• _Records from a collection_:
═══

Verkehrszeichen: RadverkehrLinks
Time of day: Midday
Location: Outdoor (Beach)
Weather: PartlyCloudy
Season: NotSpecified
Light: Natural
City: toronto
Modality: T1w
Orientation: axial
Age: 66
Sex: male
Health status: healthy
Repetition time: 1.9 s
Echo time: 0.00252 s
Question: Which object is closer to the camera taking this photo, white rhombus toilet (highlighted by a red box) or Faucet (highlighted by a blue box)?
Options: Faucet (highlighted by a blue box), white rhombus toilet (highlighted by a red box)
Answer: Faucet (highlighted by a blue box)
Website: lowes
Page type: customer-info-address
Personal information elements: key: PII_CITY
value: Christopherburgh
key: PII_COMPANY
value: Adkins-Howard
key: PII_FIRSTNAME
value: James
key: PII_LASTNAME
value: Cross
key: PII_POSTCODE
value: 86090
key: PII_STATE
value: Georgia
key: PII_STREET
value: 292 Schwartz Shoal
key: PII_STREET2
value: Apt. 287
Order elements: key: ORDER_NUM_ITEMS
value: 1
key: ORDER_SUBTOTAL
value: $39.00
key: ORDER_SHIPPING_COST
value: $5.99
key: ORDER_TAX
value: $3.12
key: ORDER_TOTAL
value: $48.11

═══

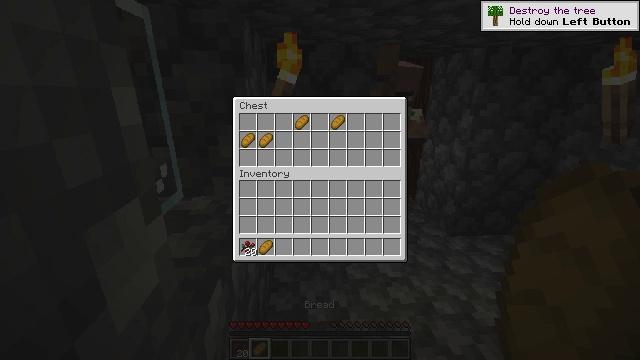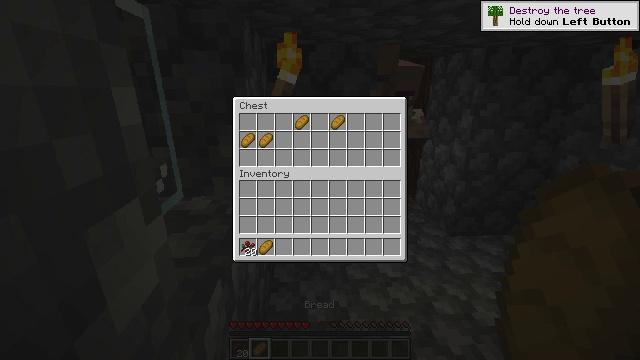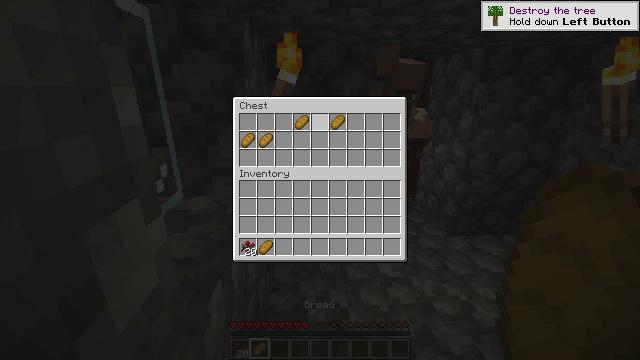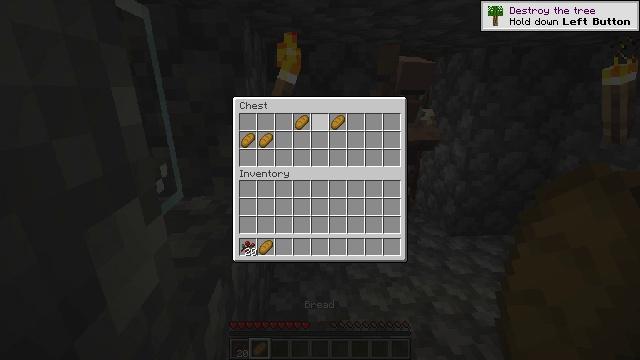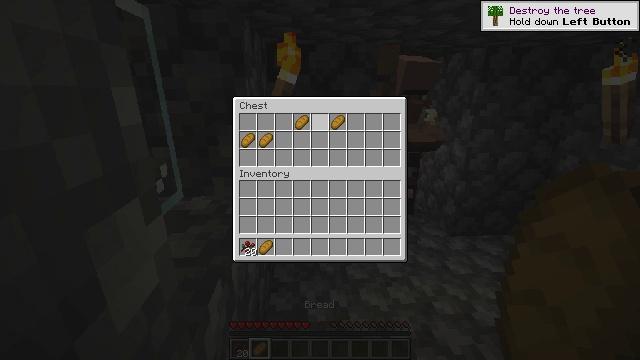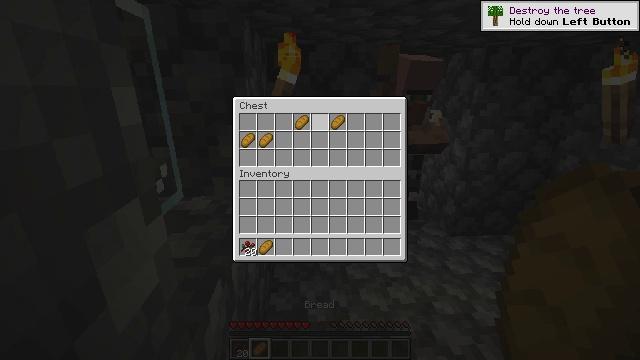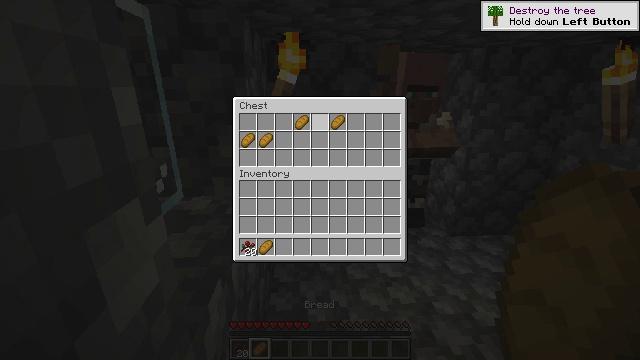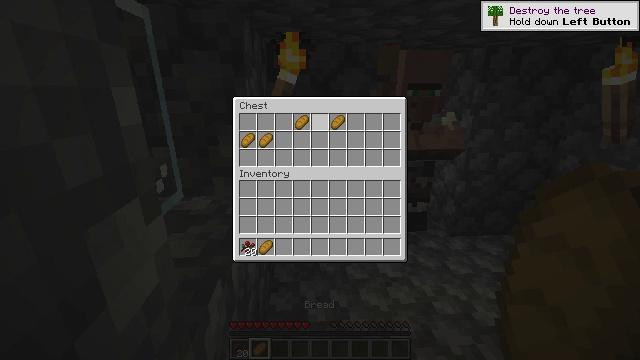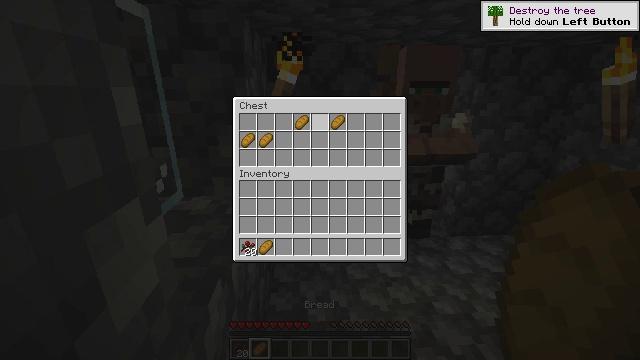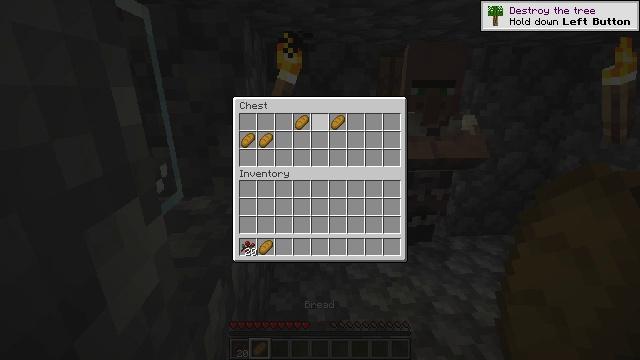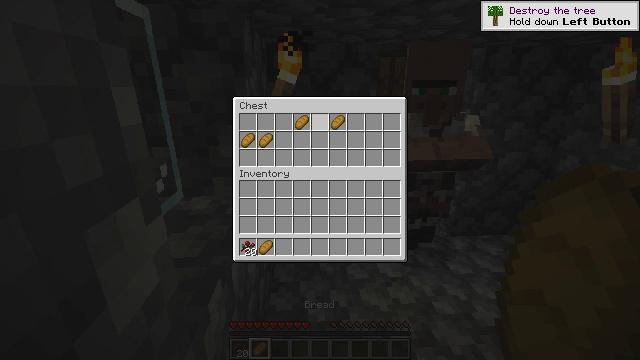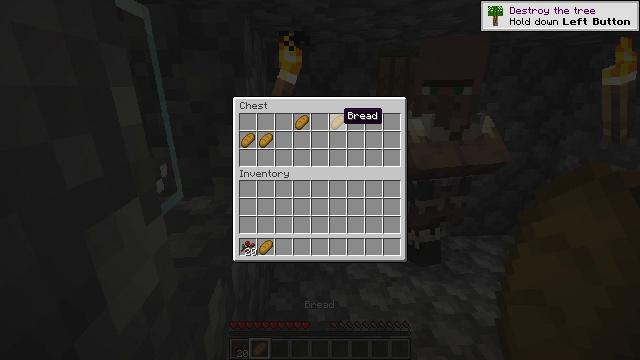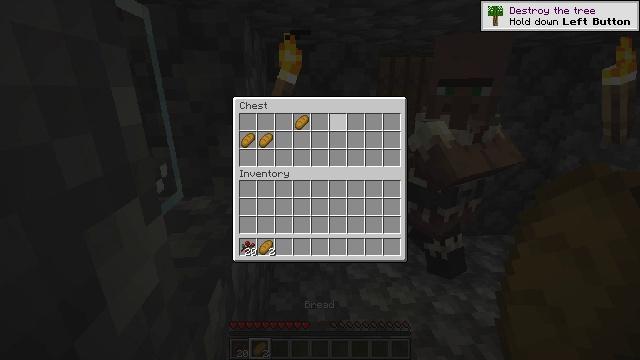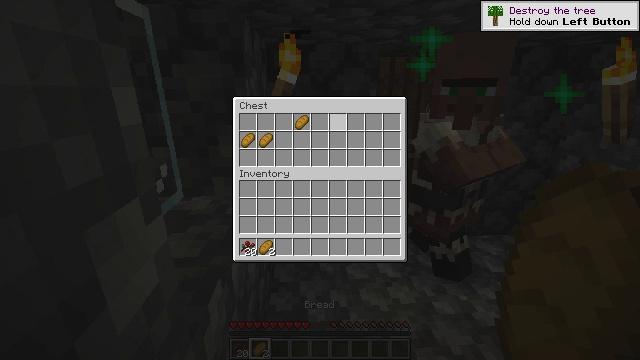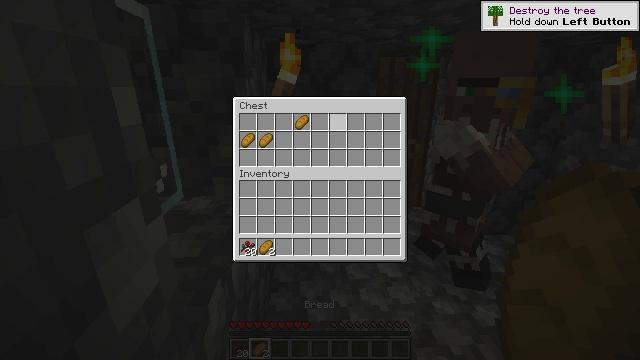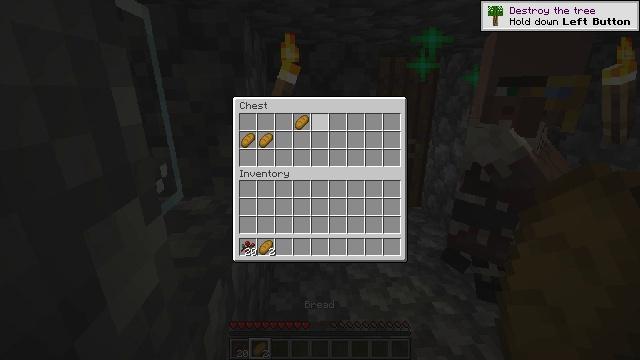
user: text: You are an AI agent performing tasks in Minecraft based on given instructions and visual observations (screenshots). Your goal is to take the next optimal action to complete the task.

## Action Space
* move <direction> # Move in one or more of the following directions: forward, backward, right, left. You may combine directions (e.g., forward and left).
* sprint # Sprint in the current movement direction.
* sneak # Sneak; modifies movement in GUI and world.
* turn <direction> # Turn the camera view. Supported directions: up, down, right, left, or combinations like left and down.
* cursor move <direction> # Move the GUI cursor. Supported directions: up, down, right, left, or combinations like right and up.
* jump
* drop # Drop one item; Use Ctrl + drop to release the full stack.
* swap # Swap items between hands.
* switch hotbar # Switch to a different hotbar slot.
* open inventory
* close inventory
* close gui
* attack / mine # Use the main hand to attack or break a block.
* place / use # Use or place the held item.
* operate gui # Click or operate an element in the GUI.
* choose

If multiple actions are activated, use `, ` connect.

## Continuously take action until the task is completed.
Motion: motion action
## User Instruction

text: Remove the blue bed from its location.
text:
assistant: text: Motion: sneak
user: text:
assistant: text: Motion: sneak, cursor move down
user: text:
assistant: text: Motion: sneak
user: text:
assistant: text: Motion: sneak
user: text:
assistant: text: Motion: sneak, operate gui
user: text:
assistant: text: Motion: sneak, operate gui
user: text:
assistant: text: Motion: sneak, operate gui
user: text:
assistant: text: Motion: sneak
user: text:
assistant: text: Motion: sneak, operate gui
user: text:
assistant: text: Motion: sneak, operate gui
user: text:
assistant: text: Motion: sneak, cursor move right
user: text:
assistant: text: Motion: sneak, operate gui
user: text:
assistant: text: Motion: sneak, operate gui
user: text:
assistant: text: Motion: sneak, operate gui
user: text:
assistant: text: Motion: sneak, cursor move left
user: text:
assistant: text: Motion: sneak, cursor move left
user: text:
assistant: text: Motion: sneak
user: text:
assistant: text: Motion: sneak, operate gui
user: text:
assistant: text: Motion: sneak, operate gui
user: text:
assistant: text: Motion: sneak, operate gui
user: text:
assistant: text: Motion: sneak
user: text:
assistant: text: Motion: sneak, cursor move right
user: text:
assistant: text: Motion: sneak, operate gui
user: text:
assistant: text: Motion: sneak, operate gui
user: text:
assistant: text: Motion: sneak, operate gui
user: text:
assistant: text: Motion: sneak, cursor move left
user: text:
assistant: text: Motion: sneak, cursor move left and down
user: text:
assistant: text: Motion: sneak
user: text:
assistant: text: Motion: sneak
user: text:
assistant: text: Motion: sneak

═══

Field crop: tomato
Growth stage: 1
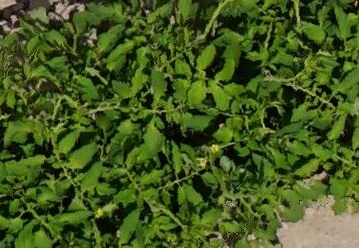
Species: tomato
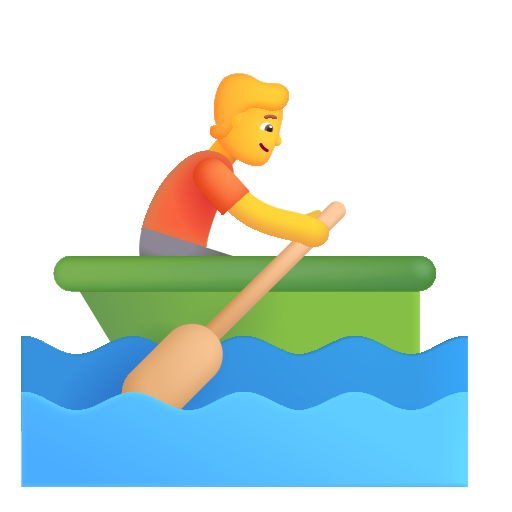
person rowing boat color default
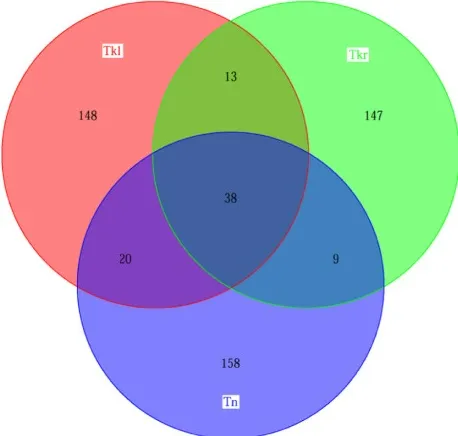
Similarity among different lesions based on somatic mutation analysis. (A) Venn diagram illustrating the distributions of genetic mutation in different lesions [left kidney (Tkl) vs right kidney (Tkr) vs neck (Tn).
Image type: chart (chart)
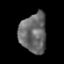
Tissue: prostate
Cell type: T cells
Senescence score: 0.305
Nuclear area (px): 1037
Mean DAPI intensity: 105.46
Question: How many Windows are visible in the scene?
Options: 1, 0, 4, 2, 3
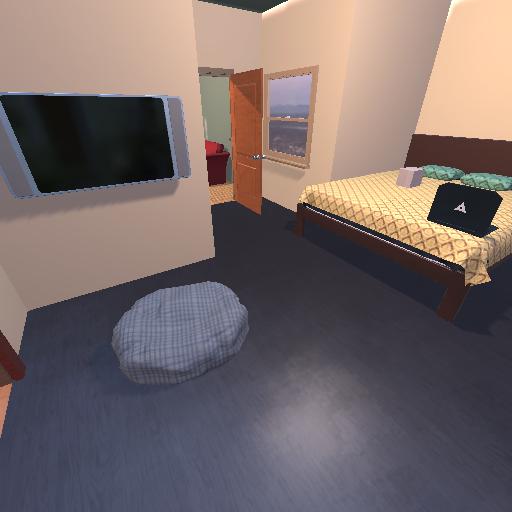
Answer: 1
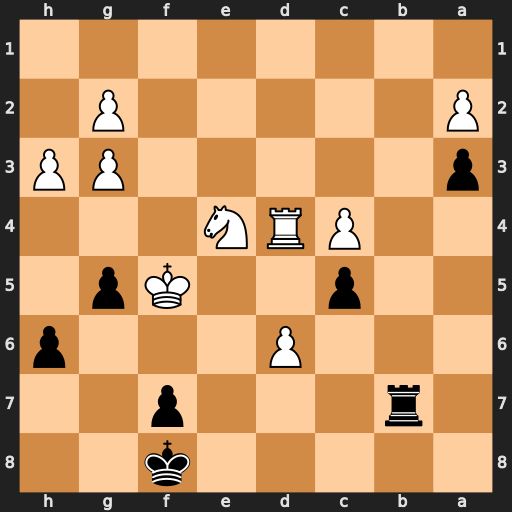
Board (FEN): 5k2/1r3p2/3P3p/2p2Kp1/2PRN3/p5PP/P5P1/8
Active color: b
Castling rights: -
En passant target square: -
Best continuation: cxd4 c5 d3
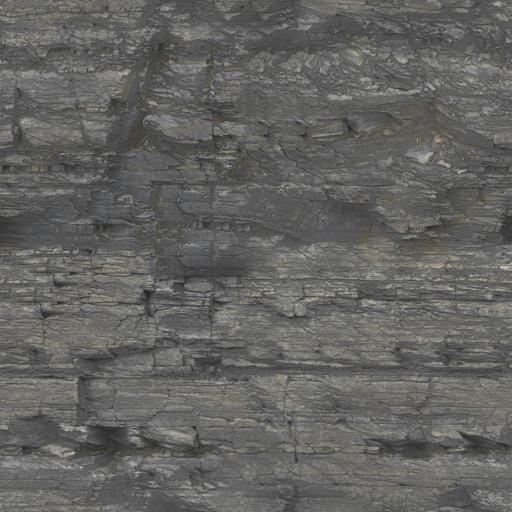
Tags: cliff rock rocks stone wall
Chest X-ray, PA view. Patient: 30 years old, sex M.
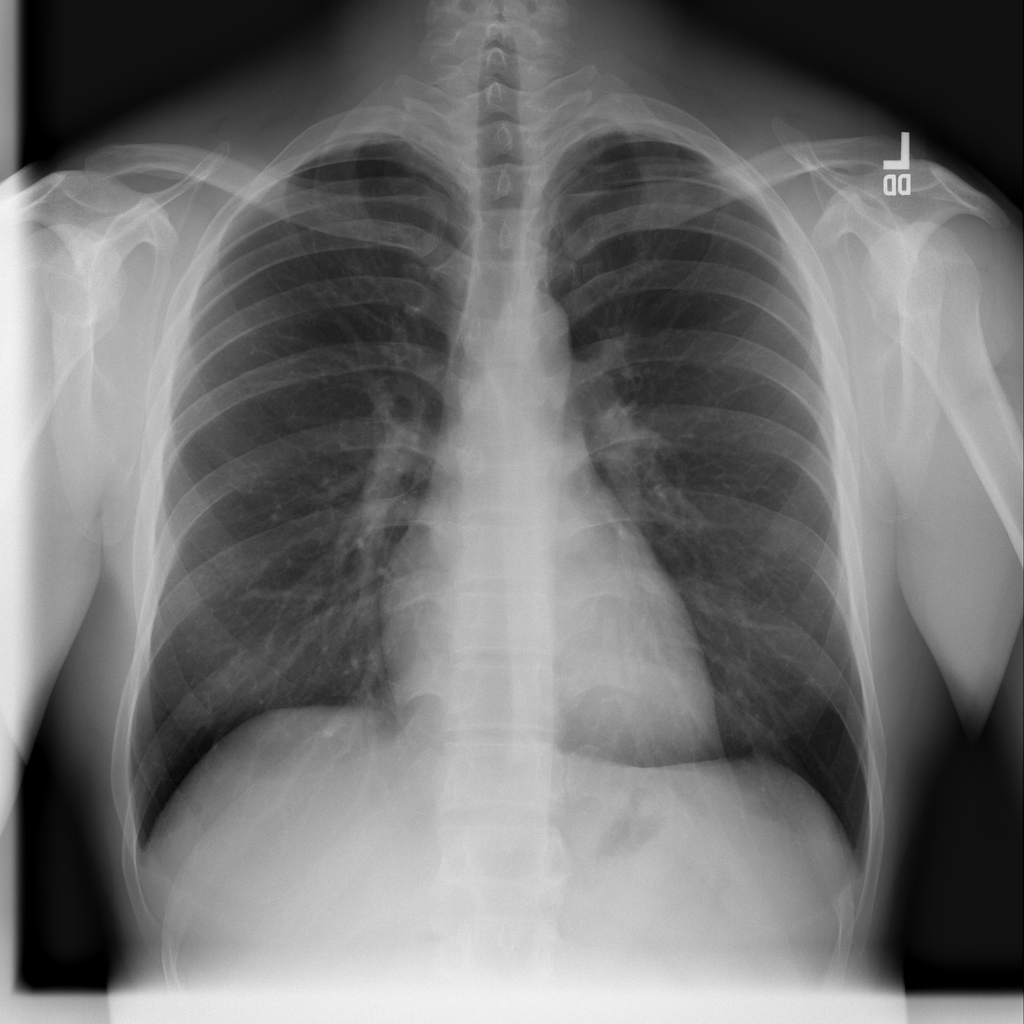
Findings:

═══

As listed above, the lines from the line with "Verkehrszeichen: RadverkehrLinks" to the line with "Page type: customer-info-address" are to be echoed exactly, with both ends included and nothing added.

Verkehrszeichen: RadverkehrLinks
Time of day: Midday
Location: Outdoor (Beach)
Weather: PartlyCloudy
Season: NotSpecified
Light: Natural
City: toronto
Modality: T1w
Orientation: axial
Age: 66
Sex: male
Health status: healthy
Repetition time: 1.9 s
Echo time: 0.00252 s
Question: Which object is closer to the camera taking this photo, white rhombus toilet (highlighted by a red box) or Faucet (highlighted by a blue box)?
Options: Faucet (highlighted by a blue box), white rhombus toilet (highlighted by a red box)
Answer: Faucet (highlighted by a blue box)
Website: lowes
Page type: customer-info-address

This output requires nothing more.